§ **Task details**: Wherever an image appears in the data, omit it and copy all the remaining text word for word.

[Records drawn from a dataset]
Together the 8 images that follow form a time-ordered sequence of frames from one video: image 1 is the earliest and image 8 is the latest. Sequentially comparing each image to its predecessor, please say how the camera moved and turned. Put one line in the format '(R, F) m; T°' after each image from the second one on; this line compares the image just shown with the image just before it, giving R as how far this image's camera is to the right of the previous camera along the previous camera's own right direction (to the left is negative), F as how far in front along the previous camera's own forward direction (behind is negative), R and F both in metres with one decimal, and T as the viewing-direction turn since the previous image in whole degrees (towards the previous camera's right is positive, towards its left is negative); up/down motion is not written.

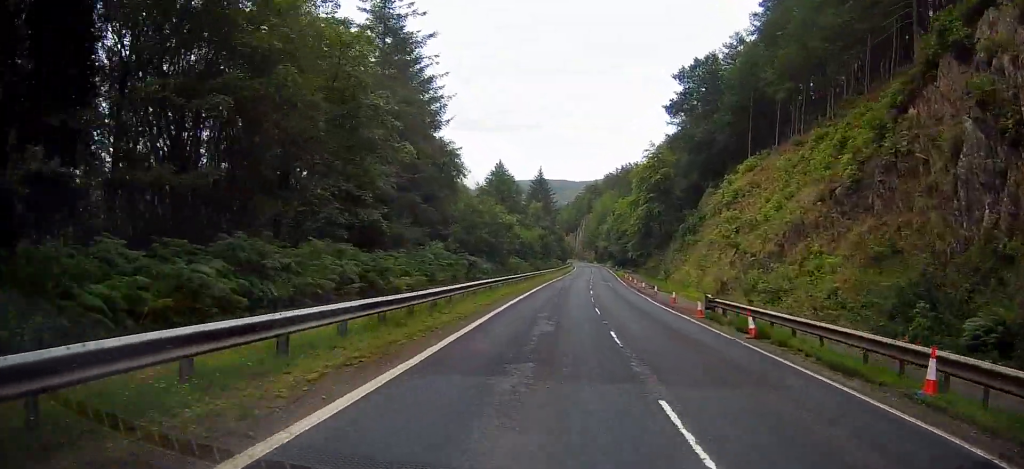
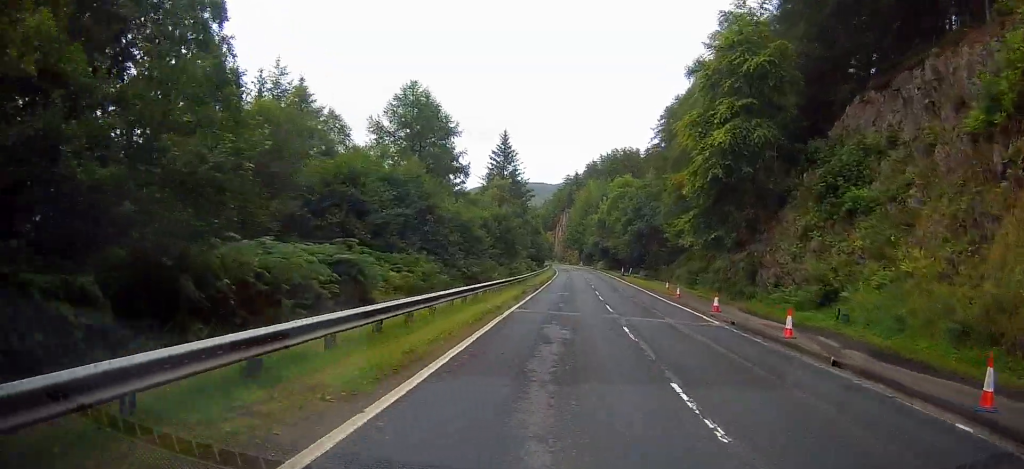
(-0.1, +43.6) m; +1°
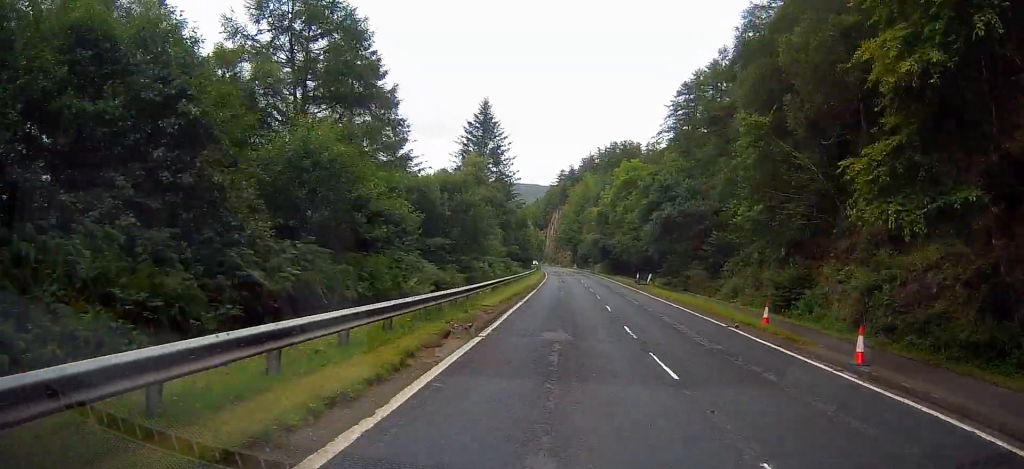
(+0.9, +22.2) m; +2°
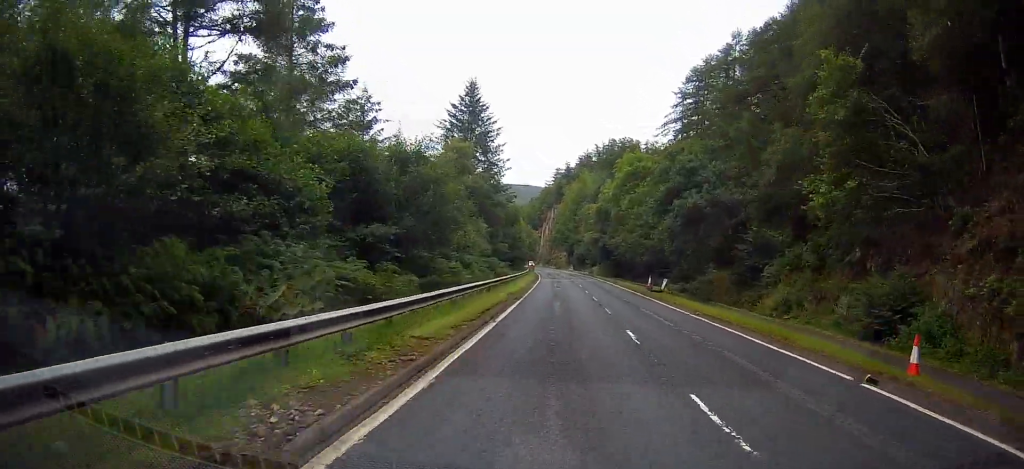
(-0.2, +9.7) m; -1°
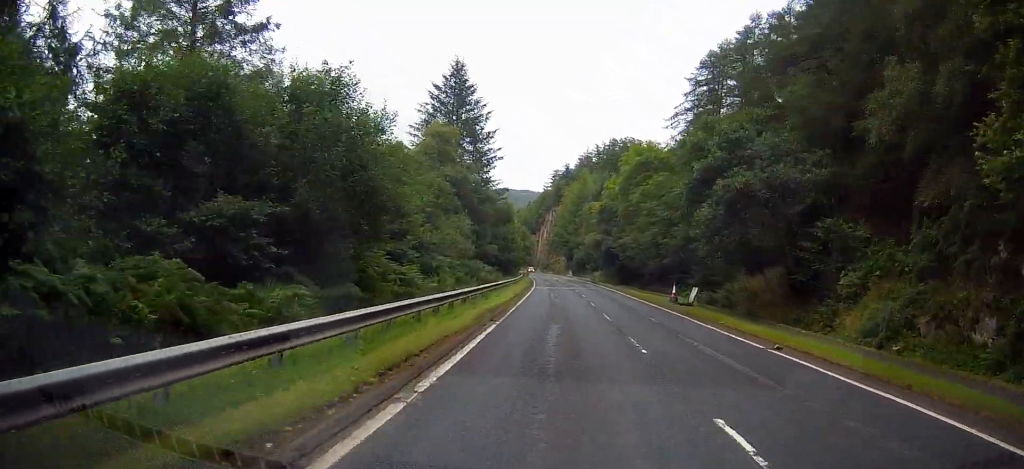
(-0.1, +10.1) m; -1°
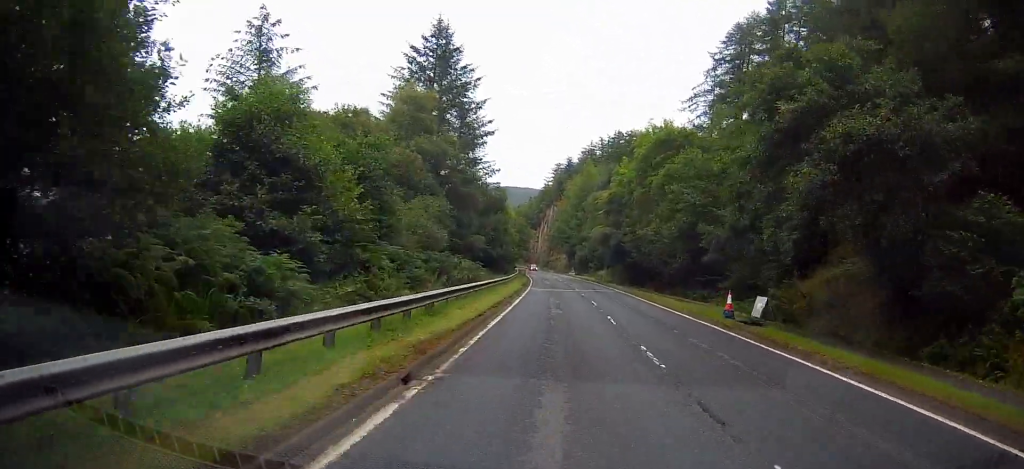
(-0.1, +11.0) m; +1°
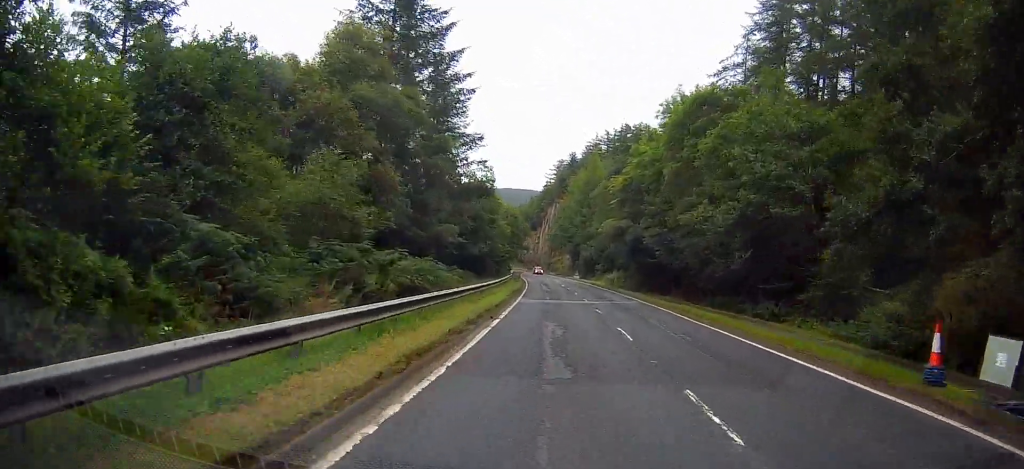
(0.0, +13.8) m; +1°
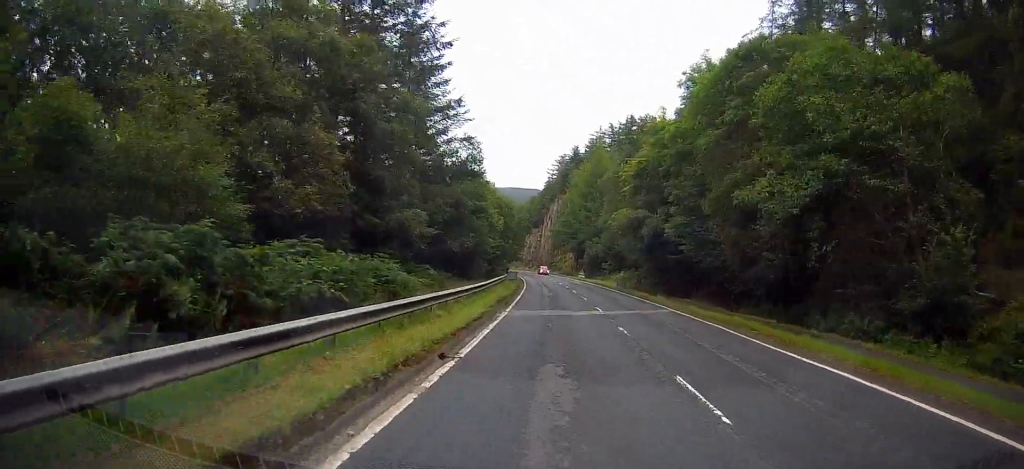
(+0.3, +8.8) m; 0°
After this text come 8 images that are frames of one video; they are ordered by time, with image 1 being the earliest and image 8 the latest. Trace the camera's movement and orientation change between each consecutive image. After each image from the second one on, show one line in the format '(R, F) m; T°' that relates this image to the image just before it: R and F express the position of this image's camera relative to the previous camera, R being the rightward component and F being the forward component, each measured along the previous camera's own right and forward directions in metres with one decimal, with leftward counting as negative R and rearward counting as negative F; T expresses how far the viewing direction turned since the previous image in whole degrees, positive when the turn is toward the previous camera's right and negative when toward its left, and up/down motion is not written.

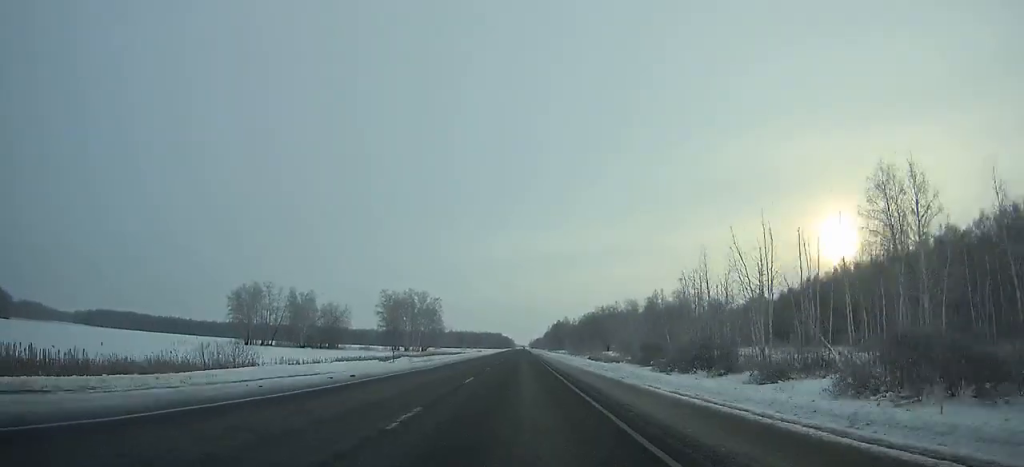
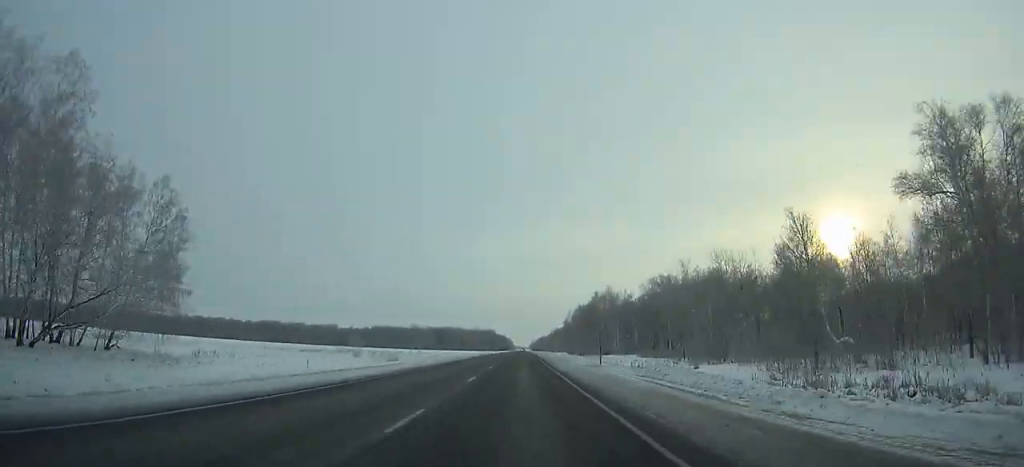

§ **Answer space**:
Together the 8 images that follow form a time-ordered sequence of frames from one video: image 1 is the earliest and image 8 is the latest. Sequentially comparing each image to its predecessor, please say how the camera moved and turned. Put one line in the format '(R, F) m; T°' after each image from the second one on; this line compares the image just shown with the image just before it, giving R as how far this image's camera is to the right of the previous camera along the previous camera's own right direction (to the left is negative), F as how far in front along the previous camera's own forward direction (behind is negative), R and F both in metres with one decimal, and T as the viewing-direction turn since the previous image in whole degrees (towards the previous camera's right is positive, towards its left is negative); up/down motion is not written.

(-0.1, +43.6) m; +1°
(+0.9, +22.2) m; +2°
(-0.2, +9.7) m; -1°
(-0.1, +10.1) m; -1°
(-0.1, +11.0) m; +1°
(0.0, +13.8) m; +1°
(+0.3, +8.8) m; 0°
After this text come 8 images that are frames of one video; they are ordered by time, with image 1 being the earliest and image 8 the latest. Trace the camera's movement and orientation change between each consecutive image. After each image from the second one on, show one line in the format '(R, F) m; T°' that relates this image to the image just before it: R and F express the position of this image's camera relative to the previous camera, R being the rightward component and F being the forward component, each measured along the previous camera's own right and forward directions in metres with one decimal, with leftward counting as negative R and rearward counting as negative F; T expresses how far the viewing direction turned since the previous image in whole degrees, positive when the turn is toward the previous camera's right and negative when toward its left, and up/down motion is not written.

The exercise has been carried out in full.